__DATA FOR THIS EXERCISE__
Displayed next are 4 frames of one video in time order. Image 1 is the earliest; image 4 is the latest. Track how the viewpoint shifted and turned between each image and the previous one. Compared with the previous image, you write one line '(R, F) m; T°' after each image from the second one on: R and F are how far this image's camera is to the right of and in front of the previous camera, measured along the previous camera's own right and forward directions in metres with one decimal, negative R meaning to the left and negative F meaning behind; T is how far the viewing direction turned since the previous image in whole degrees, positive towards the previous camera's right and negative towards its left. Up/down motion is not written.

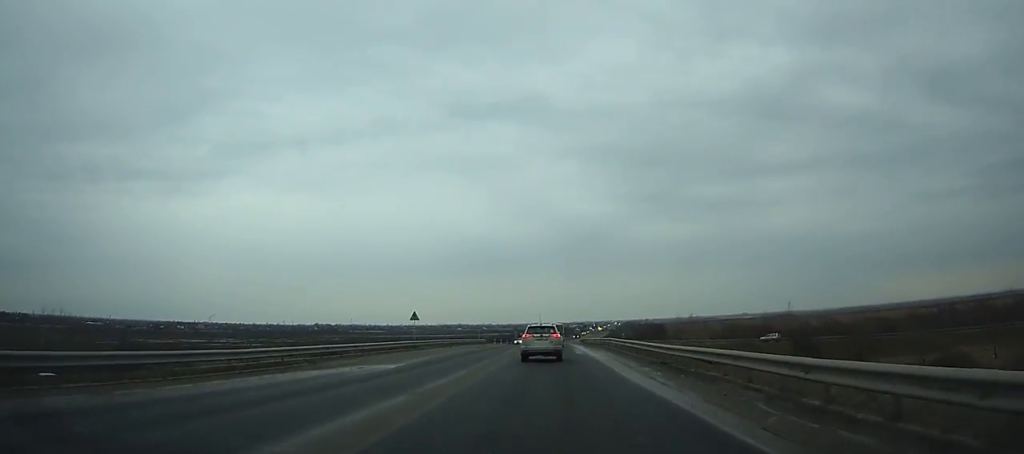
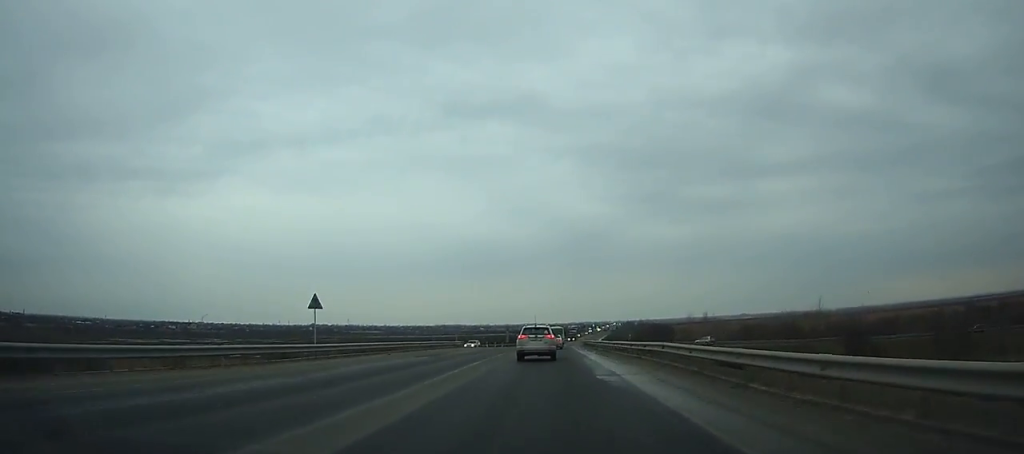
(-0.1, +20.3) m; 0°
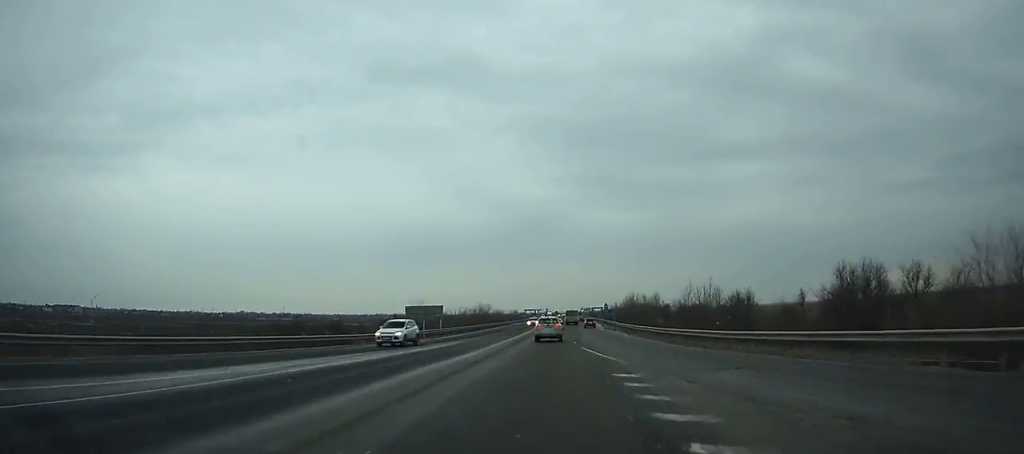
(+8.0, +184.1) m; +6°
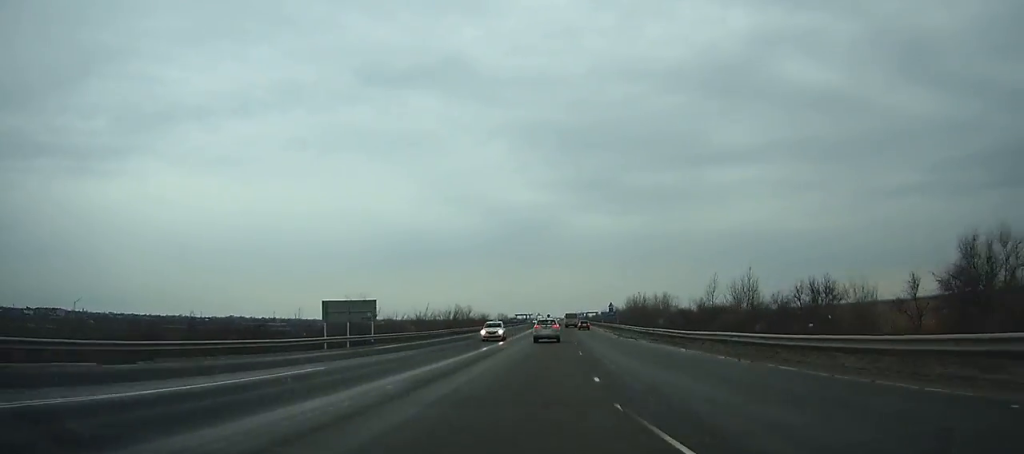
(+0.2, +24.6) m; +1°
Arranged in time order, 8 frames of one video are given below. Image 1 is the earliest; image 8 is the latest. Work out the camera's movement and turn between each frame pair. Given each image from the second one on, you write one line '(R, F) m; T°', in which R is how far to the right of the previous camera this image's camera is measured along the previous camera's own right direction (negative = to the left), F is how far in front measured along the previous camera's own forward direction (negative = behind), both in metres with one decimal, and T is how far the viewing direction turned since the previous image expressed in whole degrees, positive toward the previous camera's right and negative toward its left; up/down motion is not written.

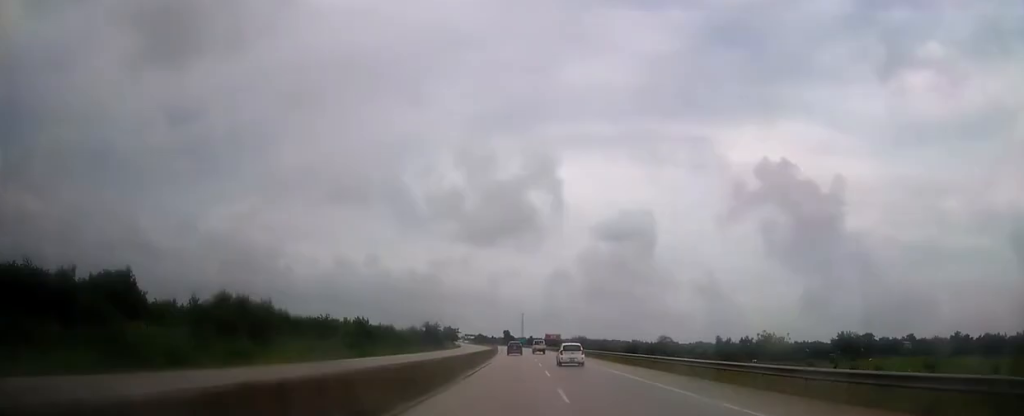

__EXERCISE INSTRUCTIONS__
The records are to be returned verbatim. Skip any picture they contain.

__EXERCISE RESULT__
Displayed next are 4 frames of one video in time order. Image 1 is the earliest; image 4 is the latest. Track how the viewpoint shifted and turned between each image and the previous one. Compared with the previous image, you write one line '(R, F) m; T°' after each image from the second one on: R and F are how far this image's camera is to the right of and in front of the previous camera, measured along the previous camera's own right and forward directions in metres with one decimal, negative R meaning to the left and negative F meaning behind; T is how far the viewing direction turned since the previous image in whole degrees, positive towards the previous camera's right and negative towards its left. Up/down motion is not written.

(-0.1, +20.3) m; 0°
(+8.0, +184.1) m; +6°
(+0.2, +24.6) m; +1°
Arranged in time order, 8 frames of one video are given below. Image 1 is the earliest; image 8 is the latest. Work out the camera's movement and turn between each frame pair. Given each image from the second one on, you write one line '(R, F) m; T°', in which R is how far to the right of the previous camera this image's camera is measured along the previous camera's own right direction (negative = to the left), F is how far in front measured along the previous camera's own forward direction (negative = behind), both in metres with one decimal, and T is how far the viewing direction turned since the previous image expressed in whole degrees, positive toward the previous camera's right and negative toward its left; up/down motion is not written.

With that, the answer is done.